ModENCODE Analysis & metadata discussion
Please edit/add to this page regarding the storage of meta data and the nomenclature we should adopt for ?Analysis/?Condition objects in the AceDB database.
-- this is my suggestion pad --
option 1) modEncode_<ID>_<PI>_<type/Desc>
ID = modencode experiment ID (Column in download table)
PI = PI surname responsible for projects
Type/Desc = The data/tissue/(something brief to define the data) type e.g. RACE, 454_seq, Chip_Chip L2_RNAseq etc. etc.
Example ------- 515 CEUP1 vetted and released Caenorhabditis elegans Piano would give an analysis object named: option 1) modENCODE_515_Piano_RACE option 2) modENCODE_515_CEUP1
It would be good to decide on a nomenclature as there are lots of modENCODE projects that we are going to extract data from, and the ?Analysis class might get a bit confusing.

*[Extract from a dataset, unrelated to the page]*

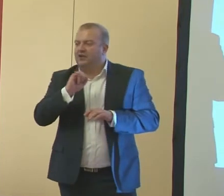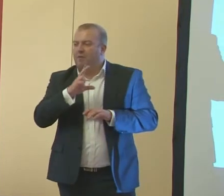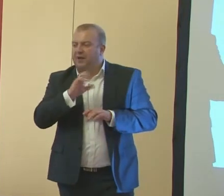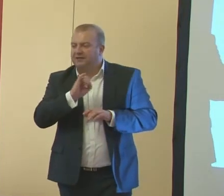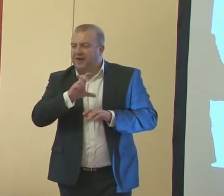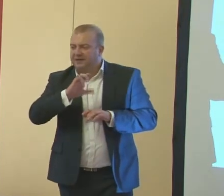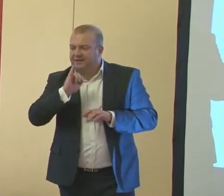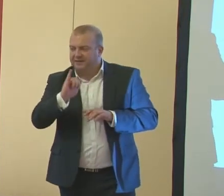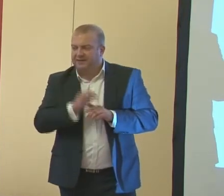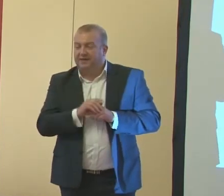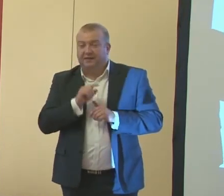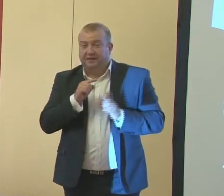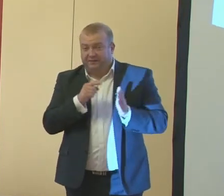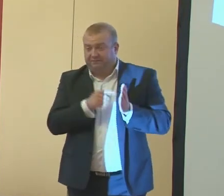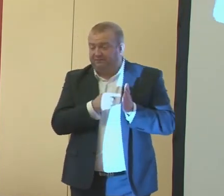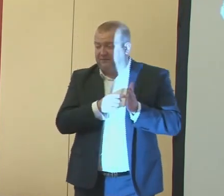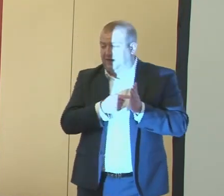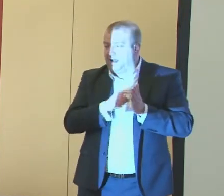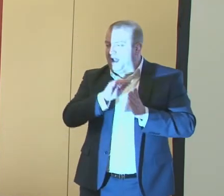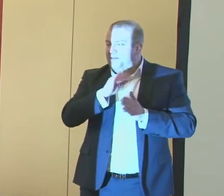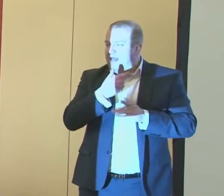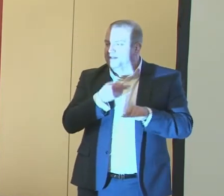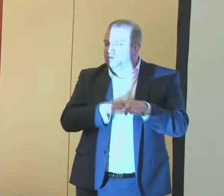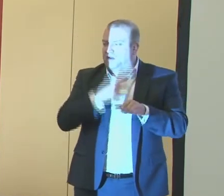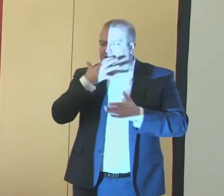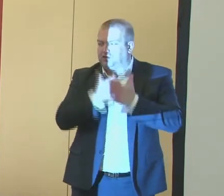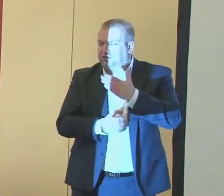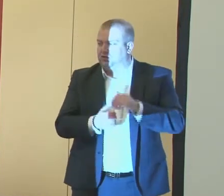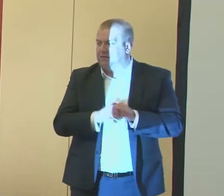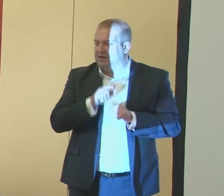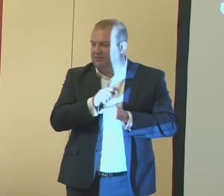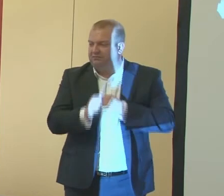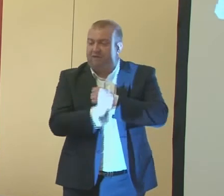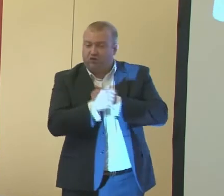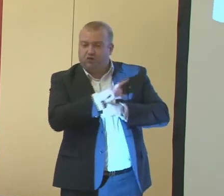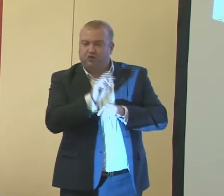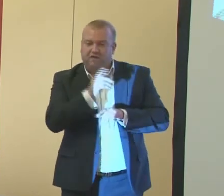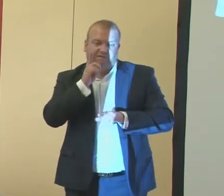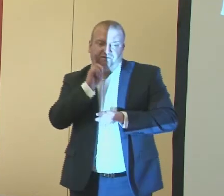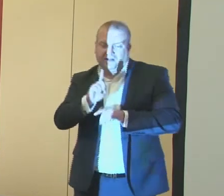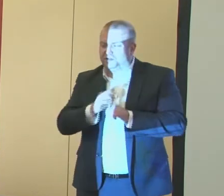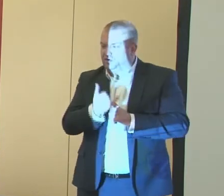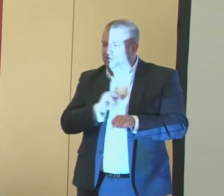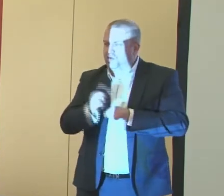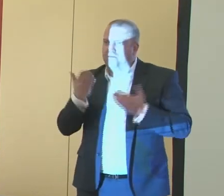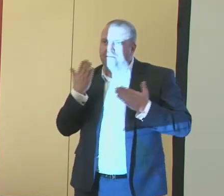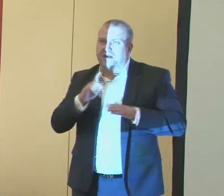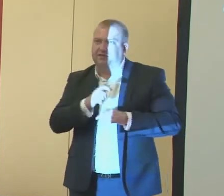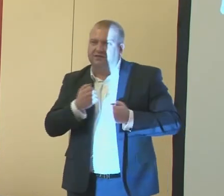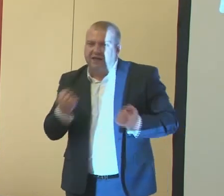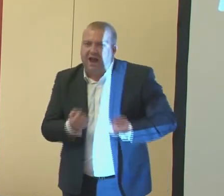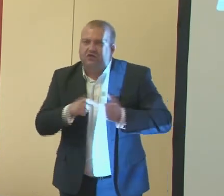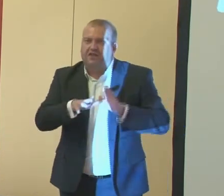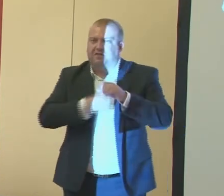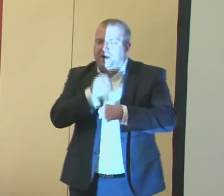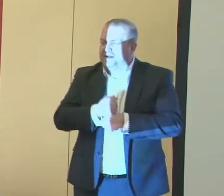Te elementy, które wykorzystujemy, powodują, iż faktycznie dzieci są bardziej zaangażowane w

We could then group all the experiments together under some parent ?Analysis as there are some more complicated examples out there.
Example ------- Waterston data Gary has been looking at. ---------------------------------------- 438 mid-L4_20dC_36hrs_post-L1 RNAseq.2 unvetted Caenorhabditis elegans Waterston 433 Young_Adult_25dC_46hrs_post-L1 RNAs eq unvetted Caenorhabditis elegans Waterston 378 mid-L3_20dC_25hrs_post-L1 RNAseq unvetted Caenorhabditis elegans Waterston 333 mid-L2_20dC_14hrs_post-L1 RNASeq unvetted Caenorhabditis elegans Waterston modENCODE_333_Waterston_L2_RNAseq modENCODE_378_Waterston_L3_RNAseq modENCODE_438_Waterston_L4_RNAseq modENCODE_433_Waterston_Young_Adult_RNAseq Grouped under modENCODE_Waterston_RNAseq
This would require a model change to allow Parent/Child_analysis connections.
Would be good to add Database connections to ?Condition or ?Analysis so that accessions can be added to the objects.